◆ **HOW TO COMPLETE THIS TASK**
In the records below, find the line containing "#13356 = ORIENTED_EDGE( '', *, *, #2017, .T." and the line containing "#14371 = DIRECTION( '', ( -0.809, -0.588, 0."; please repeat exactly the lines from one to the other, both included, and nothing more.

[Records from a data source]
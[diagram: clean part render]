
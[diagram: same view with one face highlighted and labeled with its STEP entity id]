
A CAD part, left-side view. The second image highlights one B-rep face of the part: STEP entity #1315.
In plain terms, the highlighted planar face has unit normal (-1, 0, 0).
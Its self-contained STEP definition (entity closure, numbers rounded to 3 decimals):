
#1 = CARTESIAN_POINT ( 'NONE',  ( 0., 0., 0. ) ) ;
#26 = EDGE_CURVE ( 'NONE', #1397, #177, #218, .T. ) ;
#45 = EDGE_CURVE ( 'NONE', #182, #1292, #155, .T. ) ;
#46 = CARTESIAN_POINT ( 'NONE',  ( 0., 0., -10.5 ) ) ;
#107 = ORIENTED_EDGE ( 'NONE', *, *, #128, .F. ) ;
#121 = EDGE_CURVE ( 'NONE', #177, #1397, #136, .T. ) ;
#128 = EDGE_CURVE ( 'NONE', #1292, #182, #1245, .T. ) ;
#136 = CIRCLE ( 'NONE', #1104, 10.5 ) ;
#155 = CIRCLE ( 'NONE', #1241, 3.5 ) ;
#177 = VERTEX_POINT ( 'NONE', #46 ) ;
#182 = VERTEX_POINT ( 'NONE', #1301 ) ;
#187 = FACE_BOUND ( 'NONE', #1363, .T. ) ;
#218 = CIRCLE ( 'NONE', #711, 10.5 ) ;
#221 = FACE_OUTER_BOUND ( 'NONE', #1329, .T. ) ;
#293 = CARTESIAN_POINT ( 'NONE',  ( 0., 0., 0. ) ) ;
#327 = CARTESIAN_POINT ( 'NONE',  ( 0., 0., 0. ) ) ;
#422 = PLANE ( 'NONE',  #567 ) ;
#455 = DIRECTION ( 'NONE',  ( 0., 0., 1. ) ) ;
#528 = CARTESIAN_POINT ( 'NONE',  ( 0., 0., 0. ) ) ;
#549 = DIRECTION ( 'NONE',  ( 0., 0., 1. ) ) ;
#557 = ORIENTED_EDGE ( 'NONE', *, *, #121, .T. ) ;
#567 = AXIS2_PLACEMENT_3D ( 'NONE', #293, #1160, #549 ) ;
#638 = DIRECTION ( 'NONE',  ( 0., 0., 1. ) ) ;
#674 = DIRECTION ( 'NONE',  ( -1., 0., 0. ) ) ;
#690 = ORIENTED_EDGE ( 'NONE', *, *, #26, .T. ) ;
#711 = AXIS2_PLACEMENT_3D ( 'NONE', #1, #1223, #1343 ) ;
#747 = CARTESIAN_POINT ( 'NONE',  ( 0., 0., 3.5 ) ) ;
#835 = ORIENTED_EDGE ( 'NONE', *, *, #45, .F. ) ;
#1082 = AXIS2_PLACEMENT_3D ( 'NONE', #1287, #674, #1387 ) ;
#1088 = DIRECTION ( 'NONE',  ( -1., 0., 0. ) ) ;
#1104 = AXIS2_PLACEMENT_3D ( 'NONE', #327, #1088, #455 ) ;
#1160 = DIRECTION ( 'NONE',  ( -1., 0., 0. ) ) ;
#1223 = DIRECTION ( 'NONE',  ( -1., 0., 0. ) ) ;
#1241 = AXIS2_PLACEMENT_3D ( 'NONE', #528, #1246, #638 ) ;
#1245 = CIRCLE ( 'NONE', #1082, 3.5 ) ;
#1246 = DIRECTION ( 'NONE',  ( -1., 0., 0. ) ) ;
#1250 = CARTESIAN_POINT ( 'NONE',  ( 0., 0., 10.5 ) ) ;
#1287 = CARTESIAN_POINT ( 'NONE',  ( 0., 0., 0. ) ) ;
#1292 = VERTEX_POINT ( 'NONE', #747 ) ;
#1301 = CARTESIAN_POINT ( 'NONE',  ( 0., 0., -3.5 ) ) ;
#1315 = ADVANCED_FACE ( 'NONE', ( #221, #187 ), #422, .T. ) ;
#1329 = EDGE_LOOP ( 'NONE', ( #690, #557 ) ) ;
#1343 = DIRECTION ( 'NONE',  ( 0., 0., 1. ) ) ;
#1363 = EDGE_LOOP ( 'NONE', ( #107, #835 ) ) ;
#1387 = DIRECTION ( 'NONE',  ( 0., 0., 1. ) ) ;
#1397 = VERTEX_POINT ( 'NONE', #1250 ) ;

...

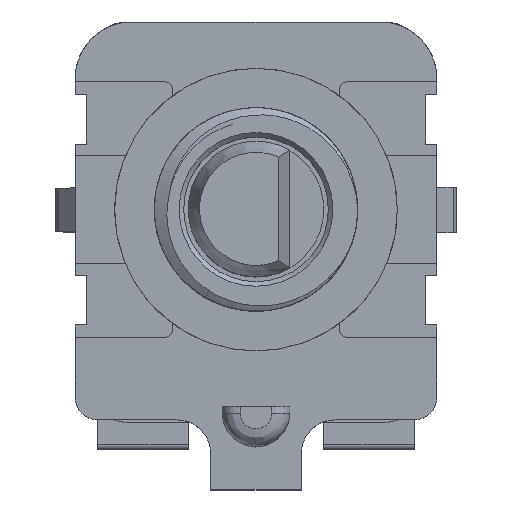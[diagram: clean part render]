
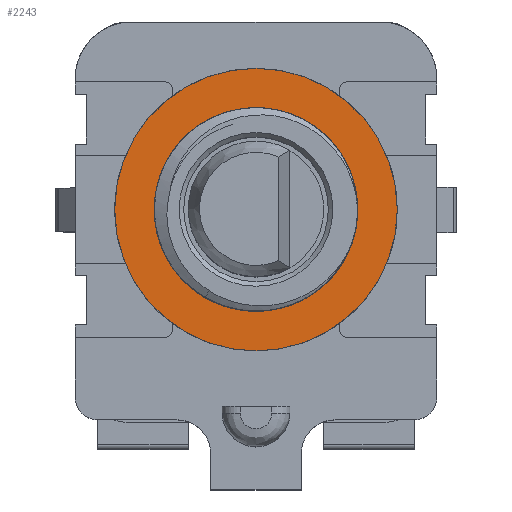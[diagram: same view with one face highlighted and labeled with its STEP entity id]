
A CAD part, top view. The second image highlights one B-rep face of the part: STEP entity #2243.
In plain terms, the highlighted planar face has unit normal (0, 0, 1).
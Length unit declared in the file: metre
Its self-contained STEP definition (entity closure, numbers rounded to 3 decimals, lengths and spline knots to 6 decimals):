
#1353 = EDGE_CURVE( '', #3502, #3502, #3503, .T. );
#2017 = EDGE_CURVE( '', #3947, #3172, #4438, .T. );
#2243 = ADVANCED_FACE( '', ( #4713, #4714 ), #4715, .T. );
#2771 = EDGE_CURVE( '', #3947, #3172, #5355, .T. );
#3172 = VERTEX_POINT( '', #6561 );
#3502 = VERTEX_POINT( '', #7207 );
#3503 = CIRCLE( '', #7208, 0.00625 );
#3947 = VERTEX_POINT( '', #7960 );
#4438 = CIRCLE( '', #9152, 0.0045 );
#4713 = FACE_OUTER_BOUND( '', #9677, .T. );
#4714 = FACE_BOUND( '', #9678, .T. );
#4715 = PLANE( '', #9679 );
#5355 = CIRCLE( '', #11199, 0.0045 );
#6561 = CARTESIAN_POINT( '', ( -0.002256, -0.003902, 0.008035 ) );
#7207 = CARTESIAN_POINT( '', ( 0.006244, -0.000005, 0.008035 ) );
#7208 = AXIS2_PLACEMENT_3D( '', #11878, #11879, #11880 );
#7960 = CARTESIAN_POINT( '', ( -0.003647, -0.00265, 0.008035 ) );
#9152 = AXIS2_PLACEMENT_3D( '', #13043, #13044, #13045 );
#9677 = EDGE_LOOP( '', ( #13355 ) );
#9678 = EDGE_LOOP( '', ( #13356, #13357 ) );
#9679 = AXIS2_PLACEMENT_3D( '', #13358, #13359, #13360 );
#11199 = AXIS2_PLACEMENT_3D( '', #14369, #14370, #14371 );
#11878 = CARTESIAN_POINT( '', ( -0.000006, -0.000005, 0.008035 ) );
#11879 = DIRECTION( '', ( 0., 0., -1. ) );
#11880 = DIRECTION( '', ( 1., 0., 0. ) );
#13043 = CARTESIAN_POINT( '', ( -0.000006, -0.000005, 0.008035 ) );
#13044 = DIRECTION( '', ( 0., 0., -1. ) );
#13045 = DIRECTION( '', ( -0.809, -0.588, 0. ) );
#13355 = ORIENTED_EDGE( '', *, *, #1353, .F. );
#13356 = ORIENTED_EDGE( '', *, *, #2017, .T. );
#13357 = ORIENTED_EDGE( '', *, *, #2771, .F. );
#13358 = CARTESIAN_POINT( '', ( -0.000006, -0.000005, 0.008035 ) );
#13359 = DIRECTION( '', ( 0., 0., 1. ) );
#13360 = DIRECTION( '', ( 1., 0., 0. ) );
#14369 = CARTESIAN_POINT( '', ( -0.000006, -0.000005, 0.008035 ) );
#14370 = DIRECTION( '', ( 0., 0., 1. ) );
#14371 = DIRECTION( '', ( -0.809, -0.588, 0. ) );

◆ **ANSWER TO THIS TASK**
#13356 = ORIENTED_EDGE( '', *, *, #2017, .T. );
#13357 = ORIENTED_EDGE( '', *, *, #2771, .F. );
#13358 = CARTESIAN_POINT( '', ( -0.000006, -0.000005, 0.008035 ) );
#13359 = DIRECTION( '', ( 0., 0., 1. ) );
#13360 = DIRECTION( '', ( 1., 0., 0. ) );
#14369 = CARTESIAN_POINT( '', ( -0.000006, -0.000005, 0.008035 ) );
#14370 = DIRECTION( '', ( 0., 0., 1. ) );
#14371 = DIRECTION( '', ( -0.809, -0.588, 0. ) );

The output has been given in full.